Heureusement, je me vengeais sur ma tabatière; je fourrais des prises de tabac dans mon gros nez, les unes sur les autres. Mais il était temps que Chapotin finisse; enfin, je repris mon sang-froid, je demandai la parole au président: «Je prie le tribunal de remettre ma cause à huitaine pour me justifier des calomnies de M. Chapotin par mes lettres de services.» Tout me fut accordé. Je rentrai chez moi; je pris de suite mes lettres de service avec brevets et certificats à l'appui.
À la huitaine, mon procès fut appelé; je portai tous mes papiers sur le bureau du président, et me retirai sans dire mot. Voyant tous ces papiers, il les examine; après les avoir compulsés, il en fit part à ses juges, et il interpella Chapotin: «Monsieur Chapotin, répondez. Étiez-vous à telle époque dans telle et telle ville?—Non, Monsieur le Président.—Eh bien, le capitaine Coignet y était; en voilà la preuve par ses lettres de service. Il était loin d'Auxerre à cette époque, il défendait sa patrie et vous l'avez injurié, vous lui devez des excuses, il vous a écouté avec un sang calme qui est d'un homme réfléchi.»
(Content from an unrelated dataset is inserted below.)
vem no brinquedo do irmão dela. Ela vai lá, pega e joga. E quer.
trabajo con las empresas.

M. Chapotin vint me serrer les mains, me prit le bras en sortant du tribunal, il voulait m'emmener chez lui dîner; je le remerciai. Mon procès était interminable; il fallait que les pauvres plaideurs fussent ruinés avant de terminer; cependant dix-sept ans devaient être suffisants: «Jamais ce procès ne finira», me dit-on.
Je pars sur-le-champ pour Paris, et vais trouver le prince Cambacérès, pour lui conter que, durant que j'étais sous les drapeaux, l'on m'avait dépouillé d'un peu de bien provenant de ma mère et que ce procès durait depuis dix-sept ans: «Je ne suis plus ministre de la justice, dit-il, mais je vais vous donner une lettre pour celui qui me remplace. Vous la porterez.» Il dicta cette lettre et me la remit: «Allez, mon brave; votre procès sera terminé.»
Arrivé chez le ministre de la justice, je lui présente ma lettre; après lecture, il dit à son secrétaire: «Écrivez à M. Rémon, président, et à M. Latour, procureur du Roi. Allez, me dit-il, portez-leur ces lettres et justice vous sera rendue. À quel corps apparteniez-vous?—À l'état-major de l'Empereur.—Avez-vous été en Russie?—Oui, Monsieur le Ministre.—C'est bien, partez pour votre département.»